Revenue Optimisation Platform (RevOp): Unifying Government Financial Infrastructure
At the heart of the new system is the Revenue Optimisation Platform (RevOp)—a state-of-the-art digital ecosystem designed to unify the billing, reconciliation, tracking, and monitoring of all federal government revenues.
The RevOp platform:
- Integrates seamlessly with the TSA, GIFMIS, Central Bank of Nigeria systems, NIBSS, and revenue-collecting banks.
- Provides MDAs with real-time visibility into collections and reconciliations.
- Acts as the central hub for electronic collections and revenue administration.
This infrastructure is expected to streamline revenue flows across government entities, reduce inefficiencies, and enable better fiscal planning and accountability.
Tax Reforms: A New Framework Under the Nigeria Revenue Service
Parallel to the cashless payment push, the government is also implementing sweeping tax reforms that will take effect on January 1, 2026. A central feature of these reforms is the replacement of the Federal Inland Revenue Service (FIRS) with the Nigeria Revenue Service (NRS)—a newly structured agency responsible for administering the updated tax laws.
The reforms are designed to modernize tax administration, improve compliance, and provide a more streamlined, transparent approach to tax collection for both individuals and businesses.
While the details of the new tax regime are extensive, early indications suggest that:
- New administrative procedures and enforcement mechanisms will be applied across the board.
- The changes are aimed at expanding the tax base while enhancing convenience and clarity for taxpayers.

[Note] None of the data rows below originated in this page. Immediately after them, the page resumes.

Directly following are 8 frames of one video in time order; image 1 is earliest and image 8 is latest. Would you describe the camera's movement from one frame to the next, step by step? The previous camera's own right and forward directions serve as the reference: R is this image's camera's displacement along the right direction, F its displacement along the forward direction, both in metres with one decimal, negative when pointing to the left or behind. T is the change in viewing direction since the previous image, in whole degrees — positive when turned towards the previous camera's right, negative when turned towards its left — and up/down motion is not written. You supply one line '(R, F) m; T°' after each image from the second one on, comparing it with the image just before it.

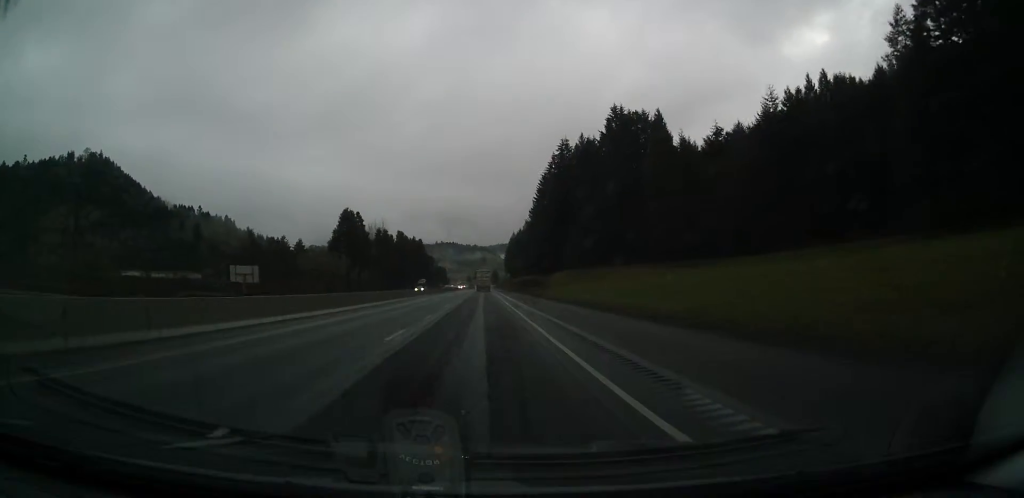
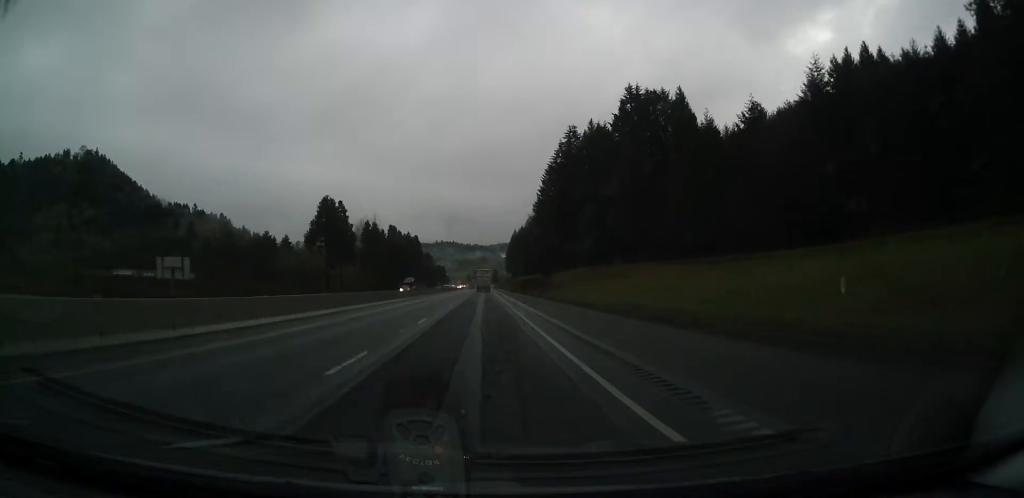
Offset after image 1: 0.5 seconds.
(+0.1, +17.7) m; 0°
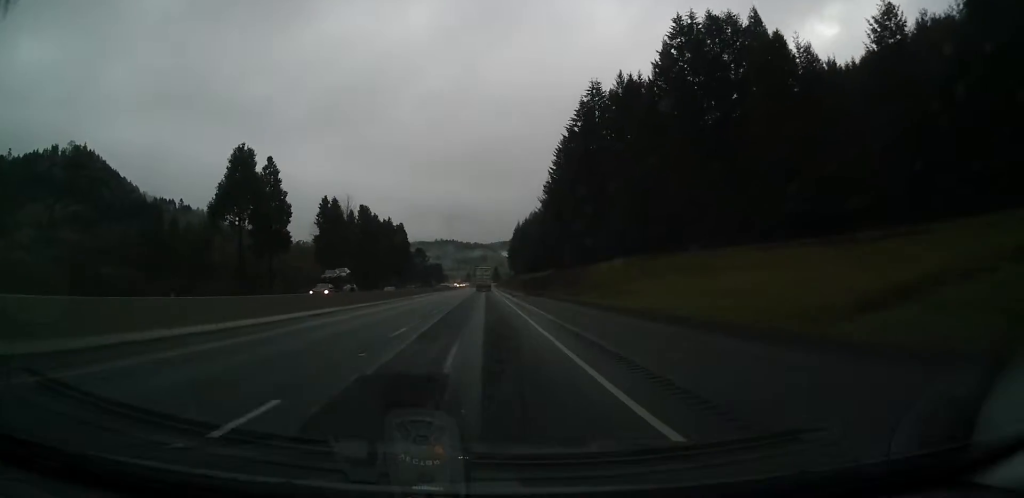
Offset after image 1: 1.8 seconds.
(+0.1, +42.1) m; +1°
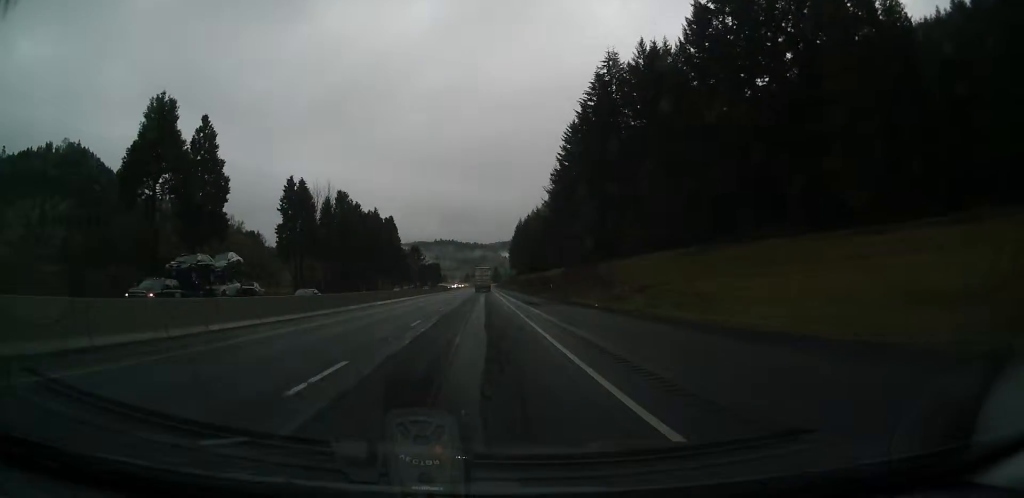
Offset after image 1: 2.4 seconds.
(+0.2, +21.0) m; 0°
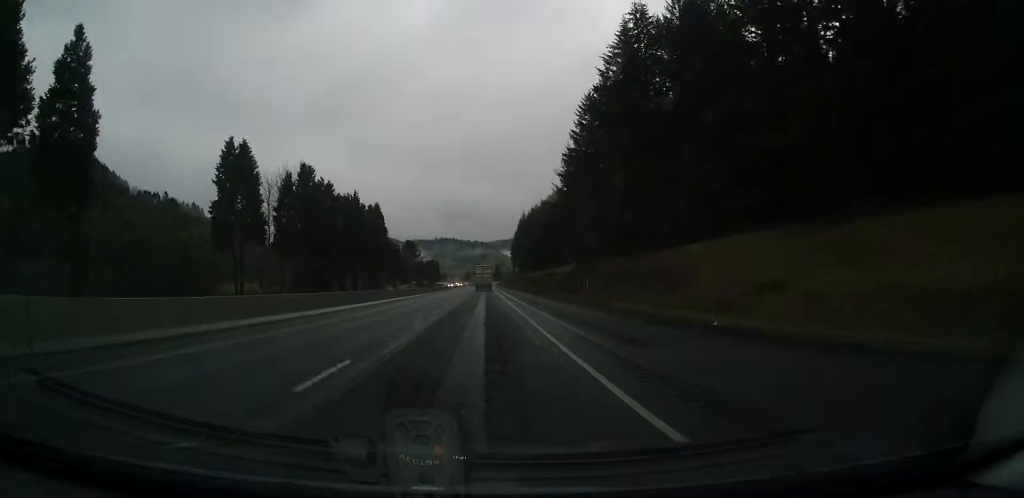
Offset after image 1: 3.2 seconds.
(+0.2, +24.2) m; 0°
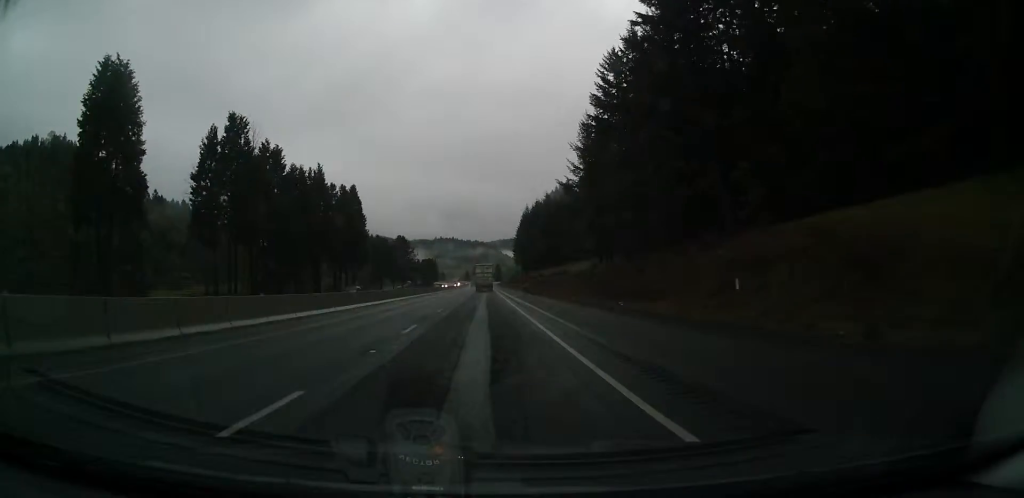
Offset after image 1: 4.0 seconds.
(-0.2, +27.4) m; 0°
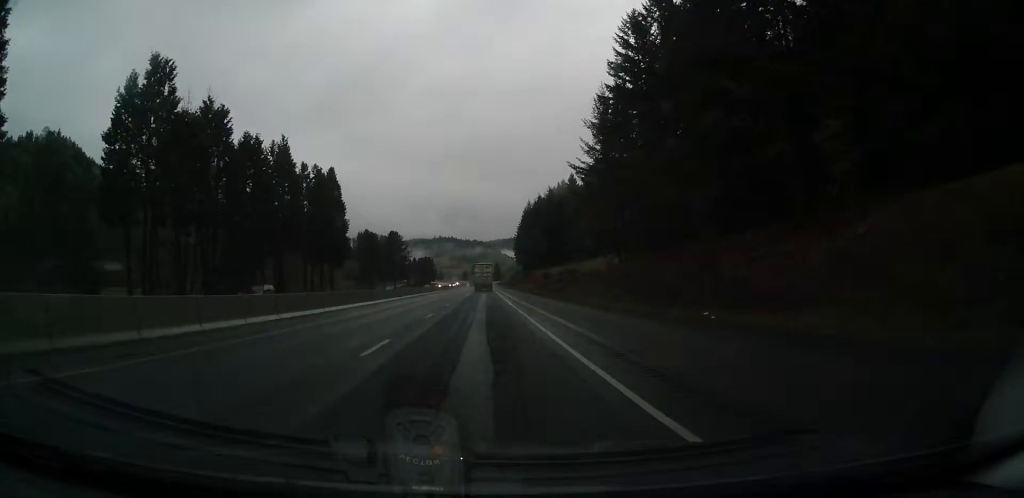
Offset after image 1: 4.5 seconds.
(0.0, +17.5) m; 0°
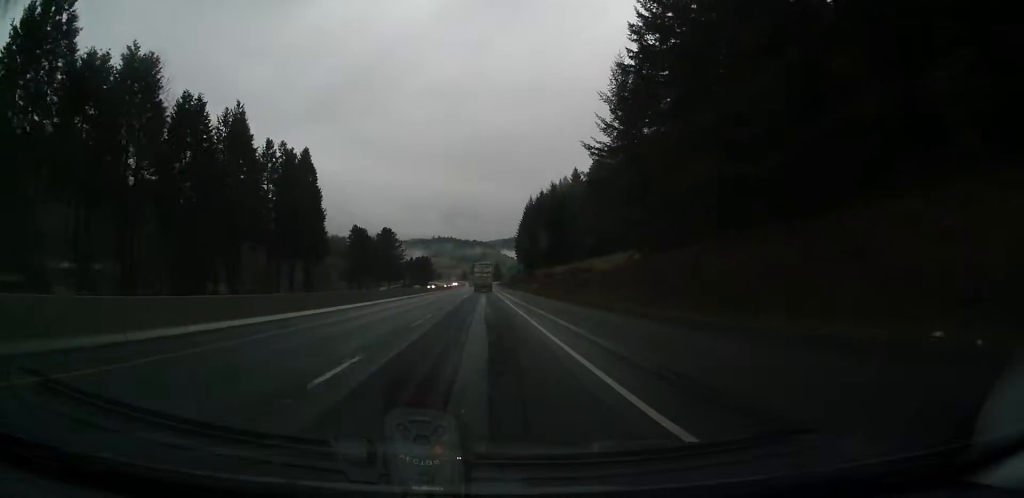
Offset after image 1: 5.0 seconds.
(+0.1, +15.3) m; 0°

- Small businesses and individual taxpayers may benefit from updated reliefs and simplified compliance processes.
These changes signify a major shift toward a modern, digitally enabled tax system—with broad implications for Nigeria’s economic governance.

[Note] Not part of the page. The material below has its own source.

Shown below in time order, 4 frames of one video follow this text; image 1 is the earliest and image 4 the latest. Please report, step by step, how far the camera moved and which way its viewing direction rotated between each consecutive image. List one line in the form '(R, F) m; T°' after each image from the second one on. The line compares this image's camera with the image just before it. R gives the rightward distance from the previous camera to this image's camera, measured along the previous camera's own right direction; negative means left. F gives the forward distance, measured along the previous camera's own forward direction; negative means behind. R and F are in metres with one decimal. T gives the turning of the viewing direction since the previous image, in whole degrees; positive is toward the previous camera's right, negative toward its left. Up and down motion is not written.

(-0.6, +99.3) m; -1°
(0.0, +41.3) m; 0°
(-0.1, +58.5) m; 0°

What Citizens and Businesses Need to Know
The 2026 reforms are among the most ambitious federal public finance initiatives in Nigeria’s recent history. Here’s how they will impact everyday interactions with government:
Citizens will need to:
- Prefer electronic payment options over cash for all federal fees and services.
- Ensure access to digital payment channels when dealing with government agencies.
- Expect standardized electronic receipts for proof of payment.
Businesses should:
- Update accounting and financial systems to support electronic collections.
- Prepare for changes in tax administration and compliance under the NRS.
- Align internal processes with the new Revenue Optimisation Platform requirements.
Government agencies must:
- Deploy POS and approved digital payment infrastructure.
- Integrate with RevOp and TSA systems.
- Educate staff and service users on the transition to cashless payment systems.